By Derek Vargas, Application Scientist, MedGenome Inc.
Single-cell genomics techniques are revolutionizing our ability to characterize complex tissues. Although bulk RNA sequencing experiments can be insightful, they often mask important biological activity of rare cell types and fail to show the variability in gene expression between individual cells. The rapid development of low-input RNA seq methods has led to an explosion of single-cell RNA-seq platforms, each with their own advantages and limitations. Droplet-based methods (10X Chromium, DropSeq) can be used to analyze thousands of cells in a single prep. In this method, single cells are separated using microfluidics. They are then captured in emulsion, tagged with cell barcodes, and then further processed into a single library. On the other hand, plate-based methods (SMART-seq) for single-cell sequencing require flow sorting cells into individual wells. Each cell is individually lysed and the RNA is used to generate a library. This method requires sorting equipment and has a lower throughput but is far more sensitive than droplet-based methods. Plate-Seq can detect thousands of more genes per cell than droplet-based methods. Additionally, plate-seq generates data from full length mRNA transcripts, whereas droplet-based methods only provide data on the 3’ or 5’ end.
While each method for single-cell sequencing offers benefits, combining these two platforms can provide greater insights into heterogeneous cell populations, and offer a window into the various stages of differentiation and activation states in developing cell populations. Researchers from Xiamen University (Lin et al., 2021) were able to design a computational method which uses both types of data. By analyzing data from both droplet-based and plate-based single-cell experiments, they were able to describe the lineage features and predict the developmental path of mature human pancreatic islet cells. They used mitochondrial genome variants as endogenous lineage-tracking markers, and clustered their data based on these variants. Based on the distinct lineage features between alpha and beta cells, they determined that these cell types develop from different progenitors.

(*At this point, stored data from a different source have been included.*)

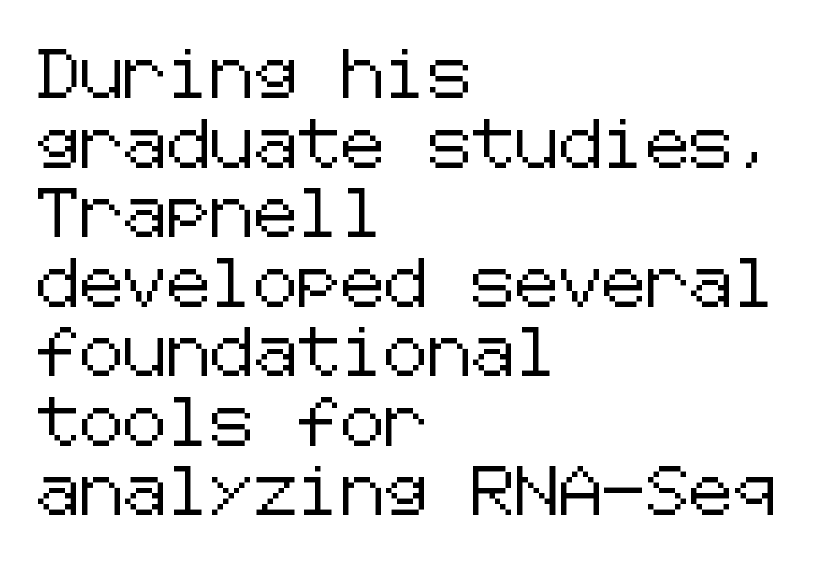
Q: Is the text italic (slanted)? A: No, it is upright.
Q: Is the typeface a serif or a sans-serif typeface? A: Sans-serif.
Q: Is the text underlined? A: No.
Q: How is the paragraph aligned? A: Left-aligned.
Q: Is the spacing between letters normal or unusually wide? A: Normal.
Q: Is the spacing between lines tight, normal or loose? A: Normal.
Q: Width (condensed, normal, or wide)? A: Normal.
Q: Stroke contrast? A: Low.
Q: x-height? A: Medium.

Single-cell RNA sequencing is now widely employed in immunological studies seeking to resolve previously unrecognized cellular heterogeneity, define processes in cell development and differentiation, and understand the gene regulatory networks that predict immune function. In this area also, researchers are finding that an approach combining droplet-based and plate-based single-cell sequencing methods can be beneficial to characterize cytotoxic T lymphocytes. Scientists at the Technical University of Munich (Kanev et al., 2021) tailored a droplet-based approach for high-throughput analysis, and a plate-based method for high depth sequencing. They named these methods tDrop-seq and tSCRB-seq, respectively. They noted that conventional droplet-based methods have inherently low mRNA capture efficiency for cytotoxic T cells and optimized a method for increasing the sensitivity. Although, tDrop-seq allowed them to process large numbers of cells, the low copy number of genes limited the power of analysis for these cells. They then used tSCRP-seq to generate high resolution data necessary for defining the critical mechanisms of T cell differentiation.
These studies highlight the importance of both droplet-based and plate-based single-cell sequencing methods. Though many researchers struggle with the decision between high throughput and low-cost drop-seq, or high-resolution data from plate-seq, there are certainly benefits when combining both methods. A dual method approach has the potential to shed more light on cellular processes involved in health and disease, as well as provide insights into cellular development.
Single-cell transcriptome lineage tracing of human pancreatic development identifies distinct developmental trajectories of alpha and beta cells.
Tailoring the resolution of single-cell RNA sequencing for primary cytotoxic T cells.